* _Description of the task_:
All of the records below need to be written out exactly, but without the pictures.

Dataset items
==*==

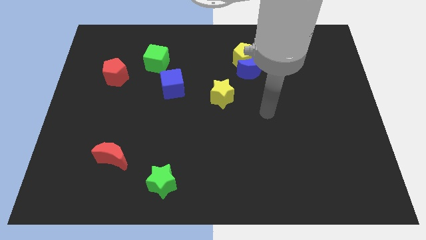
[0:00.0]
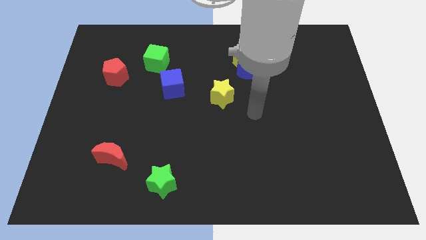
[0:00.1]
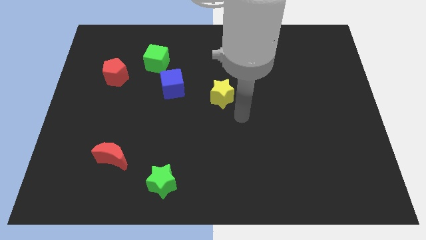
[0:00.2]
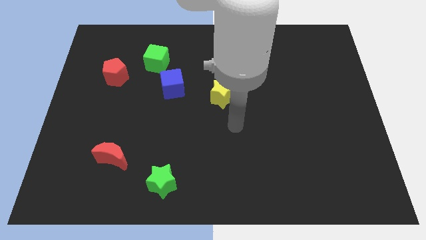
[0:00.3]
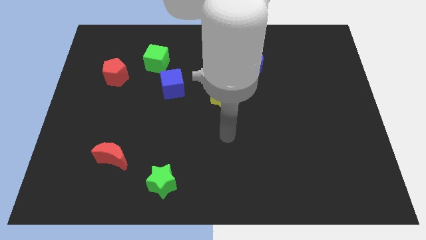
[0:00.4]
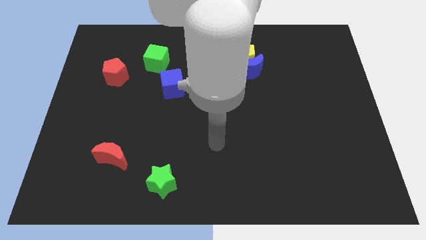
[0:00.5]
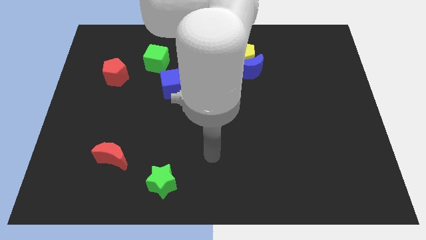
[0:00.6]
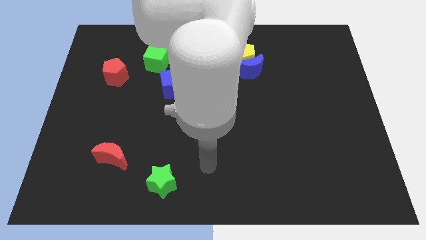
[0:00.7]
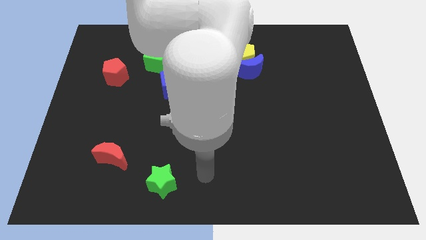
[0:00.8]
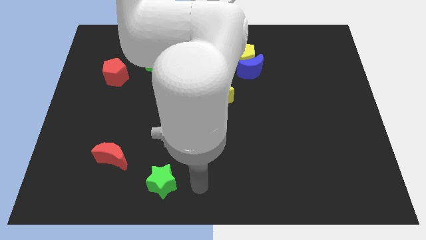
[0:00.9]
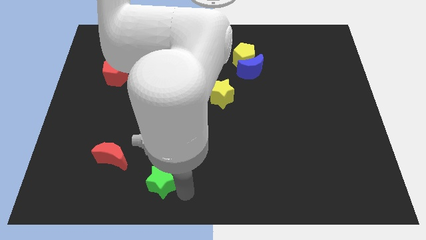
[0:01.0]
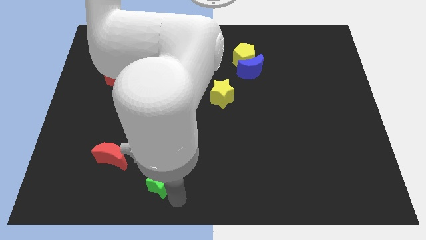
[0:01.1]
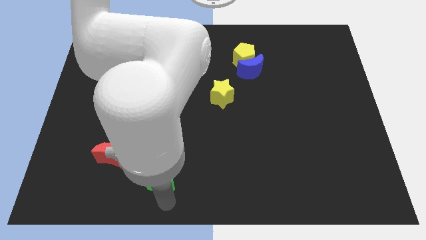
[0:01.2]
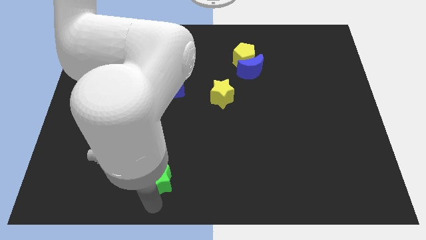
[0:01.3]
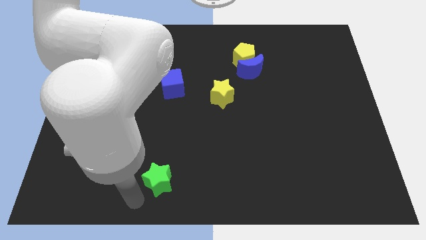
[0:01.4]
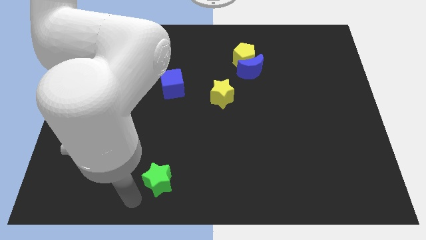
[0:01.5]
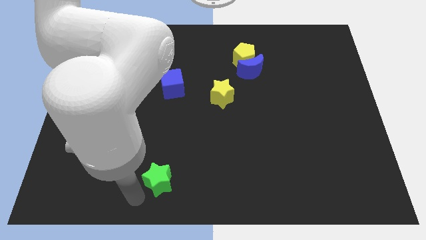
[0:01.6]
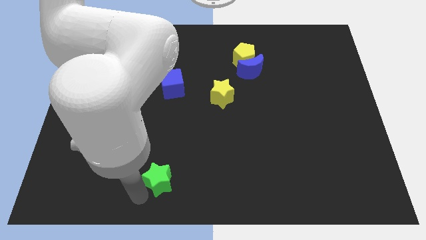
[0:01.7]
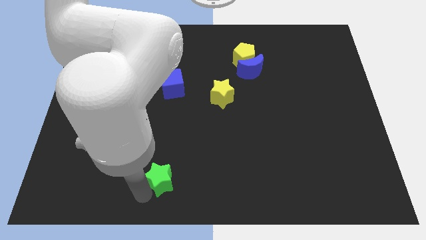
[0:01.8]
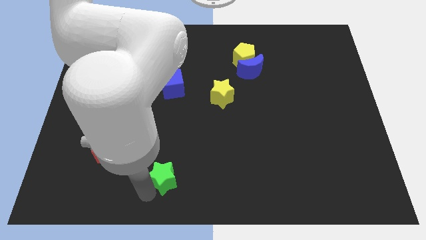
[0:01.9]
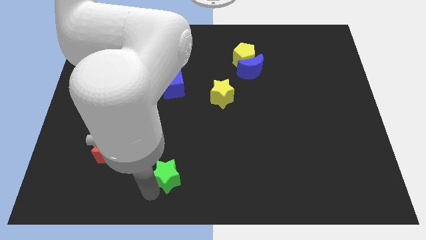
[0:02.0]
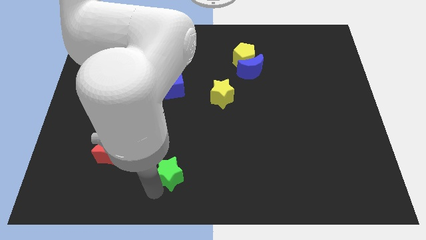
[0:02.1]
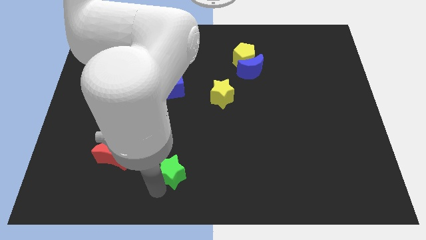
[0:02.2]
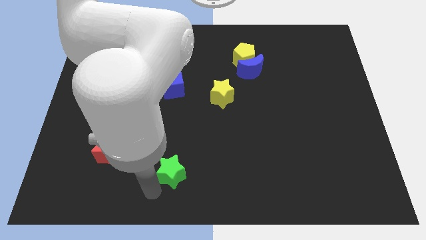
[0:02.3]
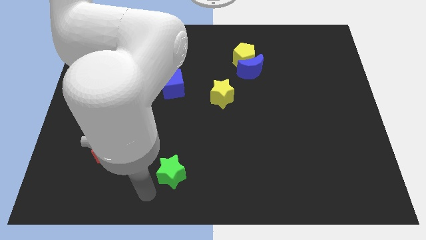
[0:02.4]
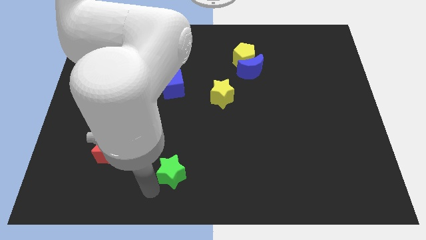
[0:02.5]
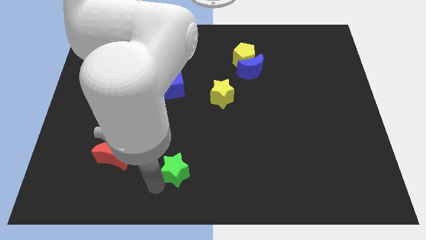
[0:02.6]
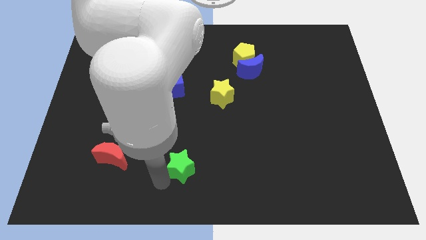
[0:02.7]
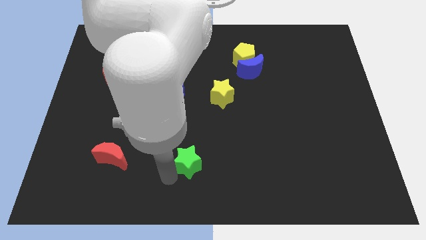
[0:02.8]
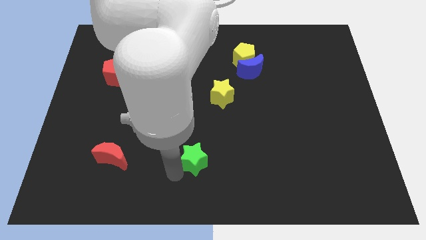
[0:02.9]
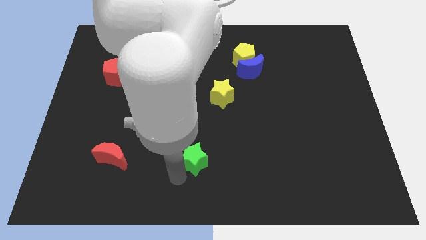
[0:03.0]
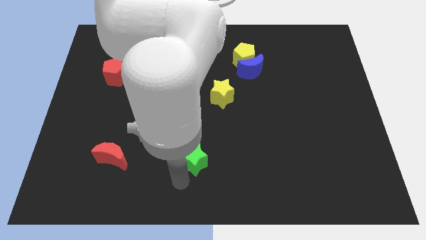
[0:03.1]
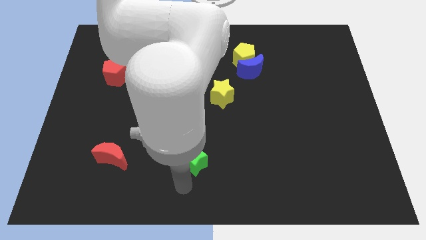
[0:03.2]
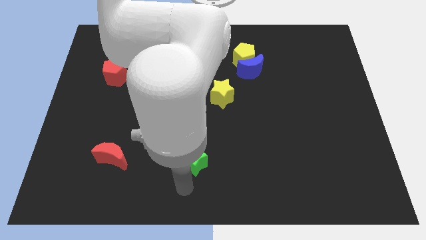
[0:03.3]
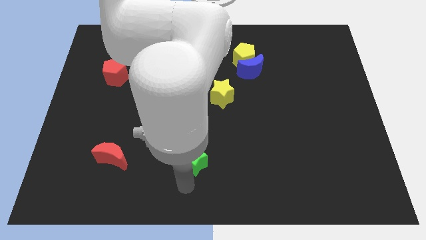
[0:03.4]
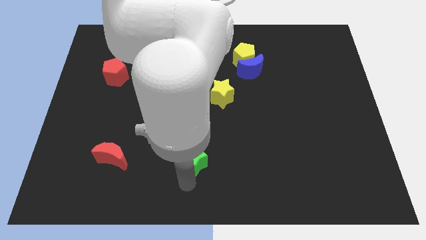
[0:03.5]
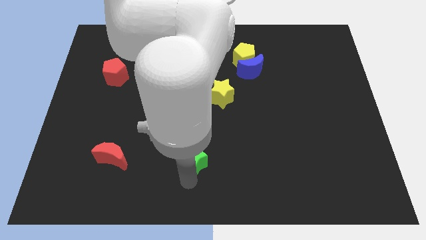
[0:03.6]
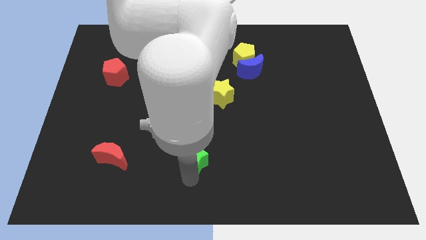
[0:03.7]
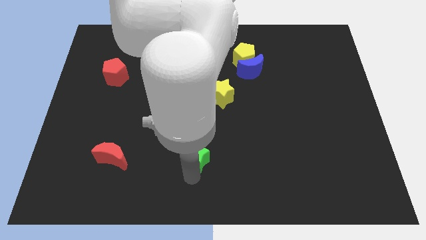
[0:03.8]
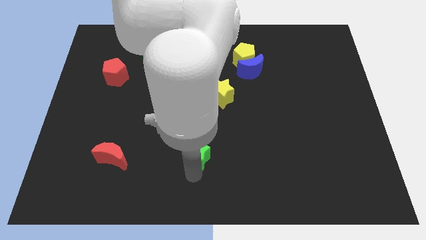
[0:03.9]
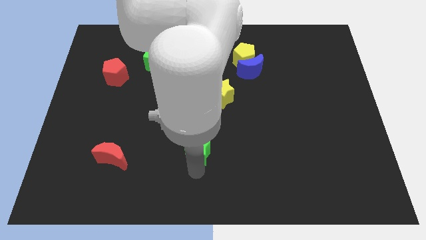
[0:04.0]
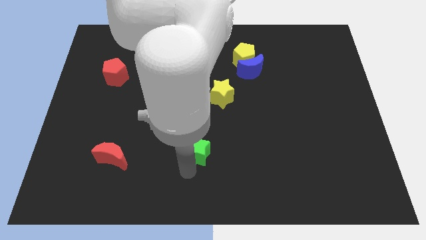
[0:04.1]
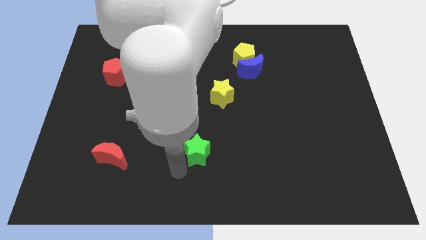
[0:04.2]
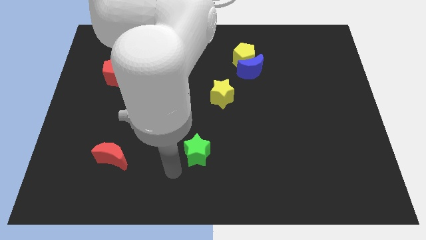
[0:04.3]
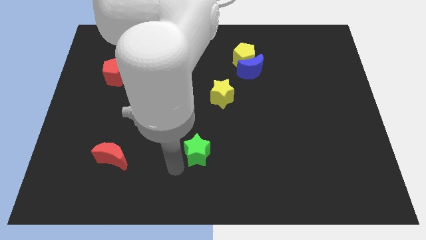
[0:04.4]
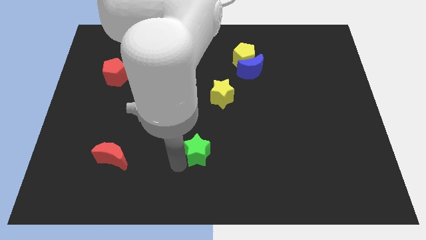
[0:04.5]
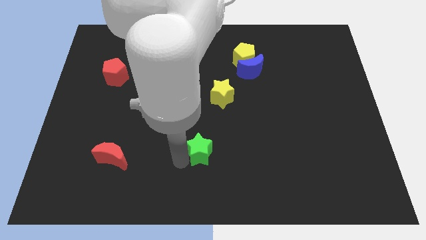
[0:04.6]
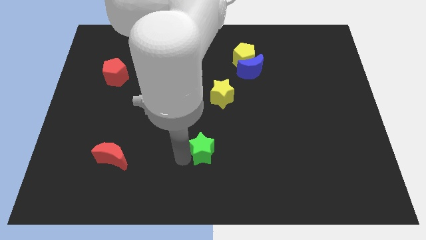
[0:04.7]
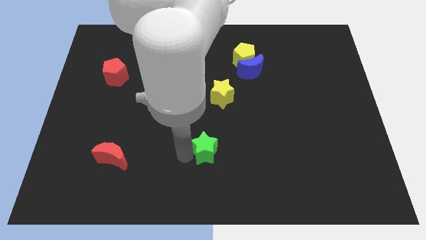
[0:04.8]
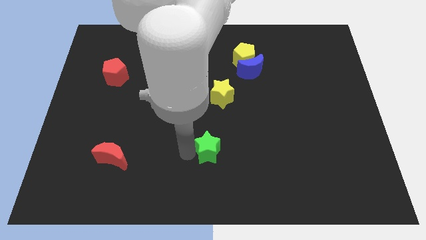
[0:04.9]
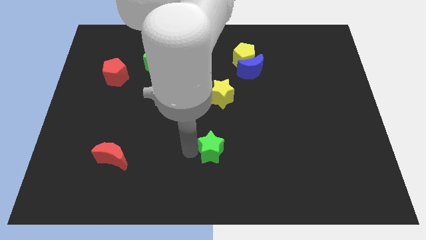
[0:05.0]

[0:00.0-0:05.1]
put the green star to the bottom of the yellow star

==*==

* _Answer box_:
[0:00.0]
[0:00.1]
[0:00.2]
[0:00.3]
[0:00.4]
[0:00.5]
[0:00.6]
[0:00.7]
[0:00.8]
[0:00.9]
[0:01.0]
[0:01.1]
[0:01.2]
[0:01.3]
[0:01.4]
[0:01.5]
[0:01.6]
[0:01.7]
[0:01.8]
[0:01.9]
[0:02.0]
[0:02.1]
[0:02.2]
[0:02.3]
[0:02.4]
[0:02.5]
[0:02.6]
[0:02.7]
[0:02.8]
[0:02.9]
[0:03.0]
[0:03.1]
[0:03.2]
[0:03.3]
[0:03.4]
[0:03.5]
[0:03.6]
[0:03.7]
[0:03.8]
[0:03.9]
[0:04.0]
[0:04.1]
[0:04.2]
[0:04.3]
[0:04.4]
[0:04.5]
[0:04.6]
[0:04.7]
[0:04.8]
[0:04.9]
[0:05.0]

[0:00.0-0:05.1]
put the green star to the bottom of the yellow star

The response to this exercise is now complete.